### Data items

--*--

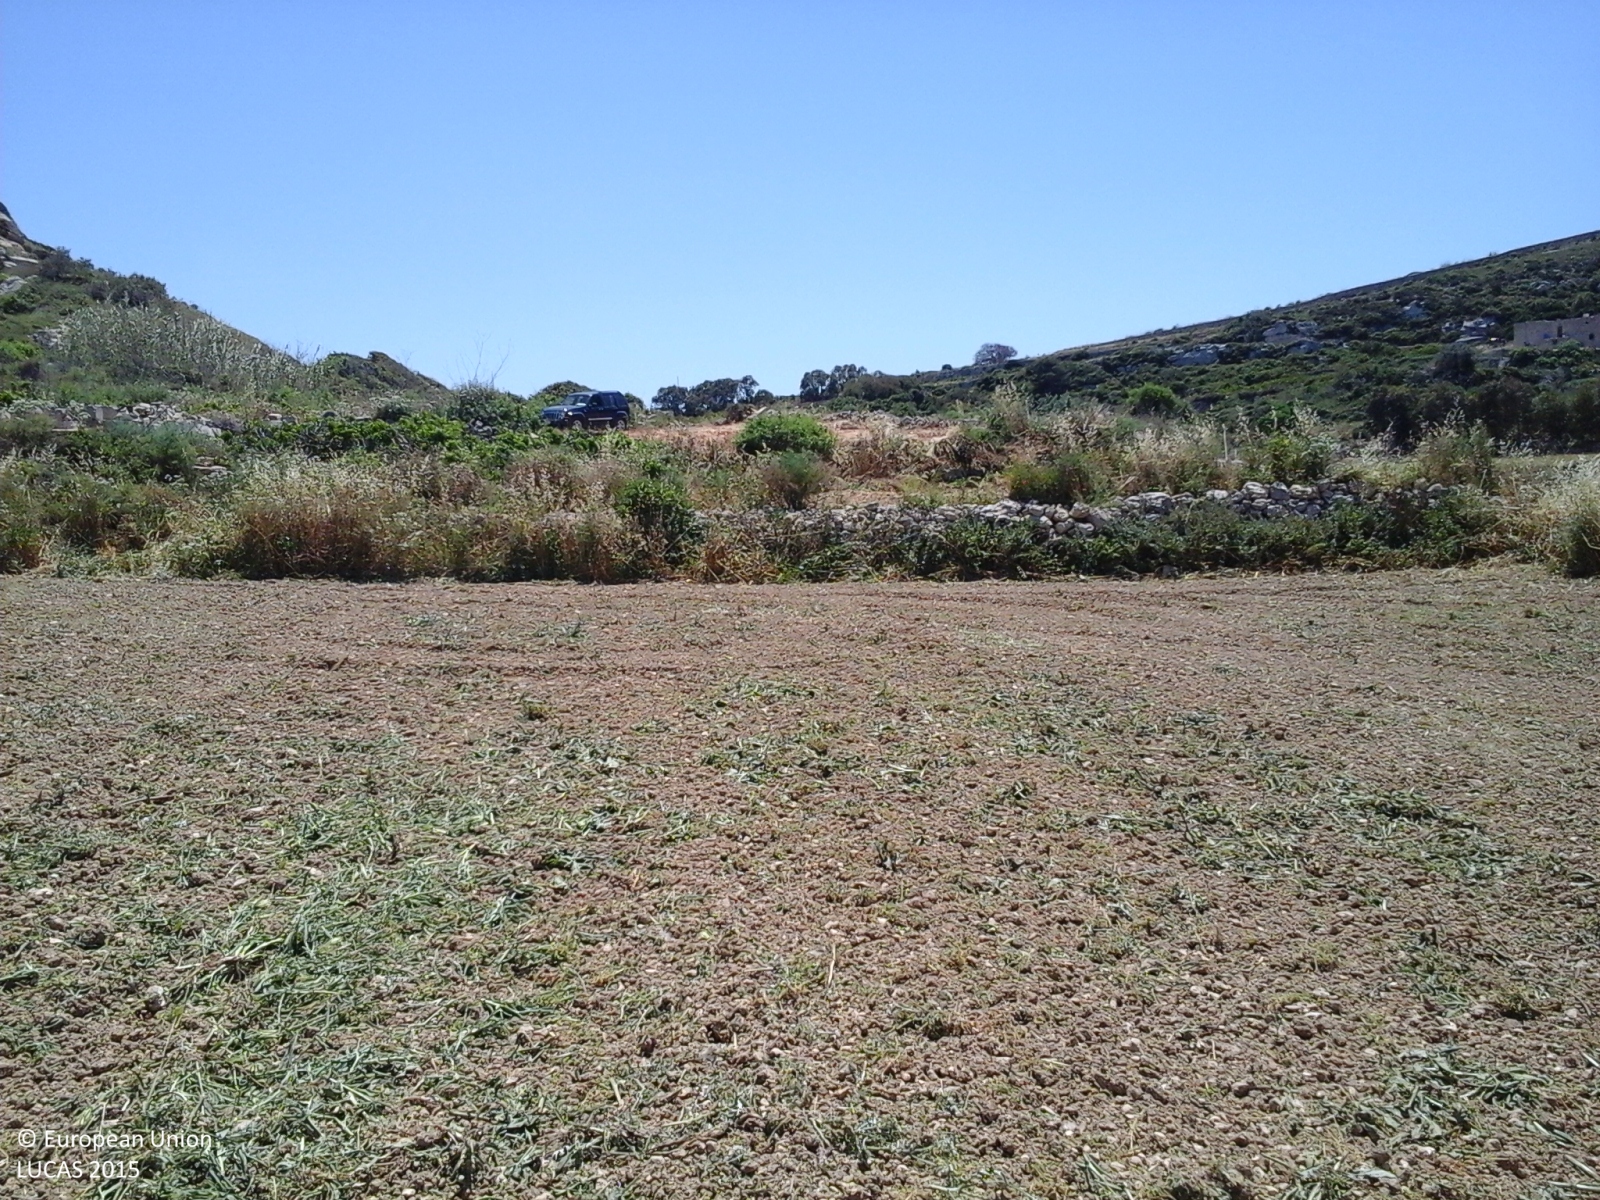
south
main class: Cropland
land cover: Dry pulses
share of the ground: > 75 %
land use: Agriculture (excluding fallow land and kitchen gardens)
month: May
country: MT
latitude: 35.9007
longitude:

--*--

### WHAT YOU WILL DO
After removing the pictures, set down every record above exactly as it stands.

### YOUR RESPONSE
south
main class: Cropland
land cover: Dry pulses
share of the ground: > 75 %
land use: Agriculture (excluding fallow land and kitchen gardens)
month: May
country: MT
latitude: 35.9007
longitude:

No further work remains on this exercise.